*** Opening Dataset records ***

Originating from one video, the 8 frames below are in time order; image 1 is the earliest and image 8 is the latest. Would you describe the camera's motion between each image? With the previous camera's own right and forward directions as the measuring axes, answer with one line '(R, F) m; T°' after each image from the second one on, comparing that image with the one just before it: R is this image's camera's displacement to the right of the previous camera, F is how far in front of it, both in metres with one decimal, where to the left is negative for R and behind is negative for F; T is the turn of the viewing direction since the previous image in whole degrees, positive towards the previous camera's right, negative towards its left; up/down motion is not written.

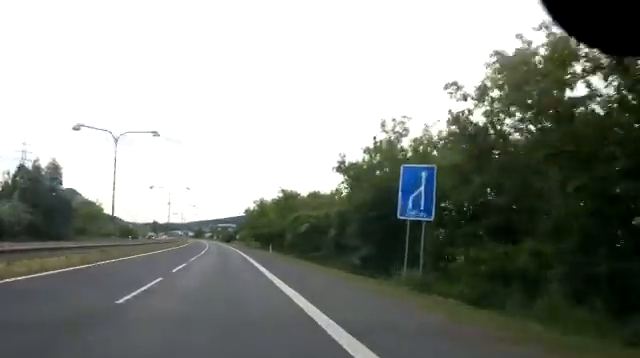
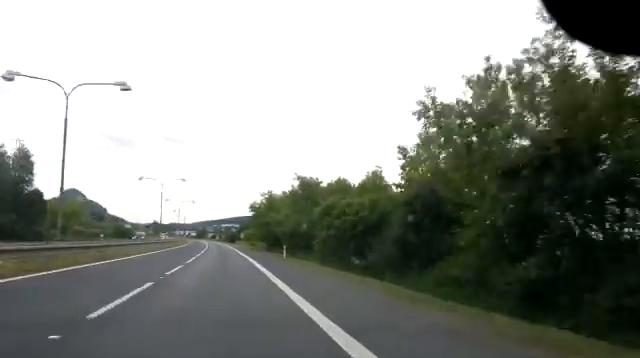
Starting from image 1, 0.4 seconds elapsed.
(0.0, +10.8) m; 0°
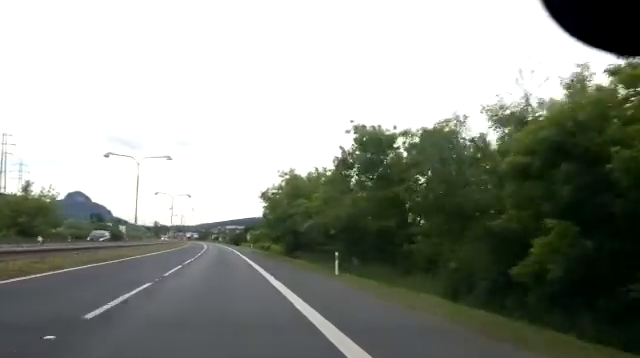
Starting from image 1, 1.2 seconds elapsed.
(0.0, +18.2) m; 0°
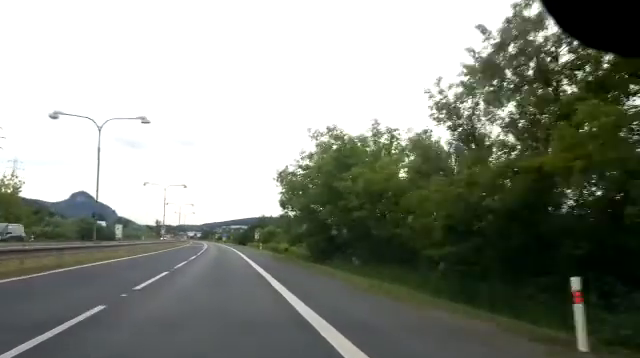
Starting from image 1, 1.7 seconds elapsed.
(0.0, +13.9) m; 0°
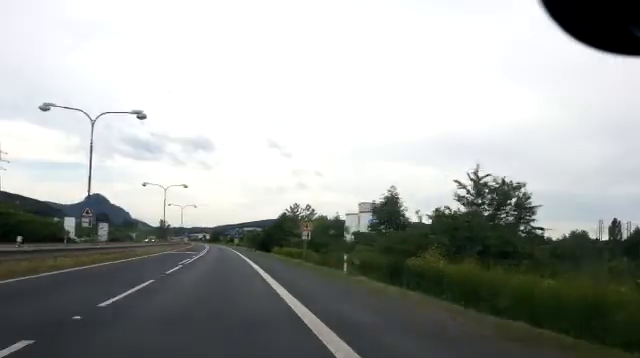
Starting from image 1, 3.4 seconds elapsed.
(0.0, +39.4) m; 0°
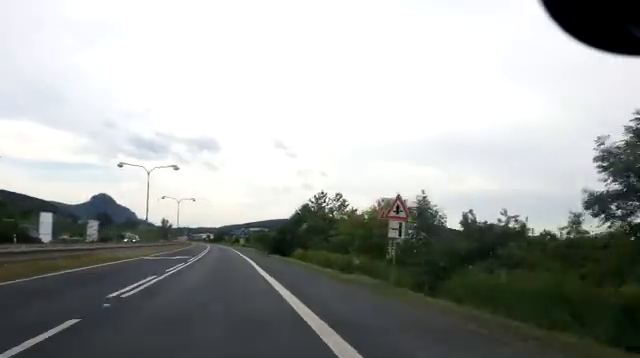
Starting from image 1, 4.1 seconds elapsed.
(0.0, +16.5) m; -1°
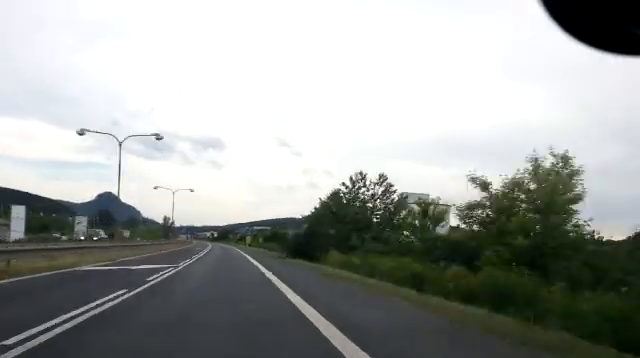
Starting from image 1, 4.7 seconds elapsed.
(-0.1, +14.0) m; -1°
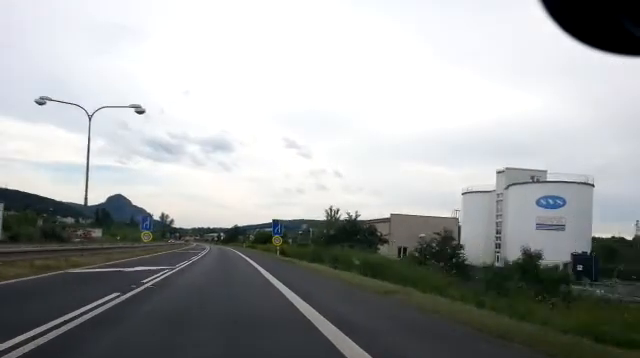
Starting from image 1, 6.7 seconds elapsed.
(-1.1, +45.8) m; -2°

*** Closing Dataset records ***

**Task instructions**
What is needed is every record above printed exactly, with no pictures.

**Solution for this exercise**
Originating from one video, the 8 frames below are in time order; image 1 is the earliest and image 8 is the latest. Would you describe the camera's motion between each image? With the previous camera's own right and forward directions as the measuring axes, answer with one line '(R, F) m; T°' after each image from the second one on, comparing that image with the one just before it: R is this image's camera's displacement to the right of the previous camera, F is how far in front of it, both in metres with one decimal, where to the left is negative for R and behind is negative for F; T is the turn of the viewing direction since the previous image in whole degrees, positive towards the previous camera's right, negative towards its left; up/down motion is not written.

Starting from image 1, 0.4 seconds elapsed.
(0.0, +10.8) m; 0°
Starting from image 1, 1.2 seconds elapsed.
(0.0, +18.2) m; 0°
Starting from image 1, 1.7 seconds elapsed.
(0.0, +13.9) m; 0°
Starting from image 1, 3.4 seconds elapsed.
(0.0, +39.4) m; 0°
Starting from image 1, 4.1 seconds elapsed.
(0.0, +16.5) m; -1°
Starting from image 1, 4.7 seconds elapsed.
(-0.1, +14.0) m; -1°
Starting from image 1, 6.7 seconds elapsed.
(-1.1, +45.8) m; -2°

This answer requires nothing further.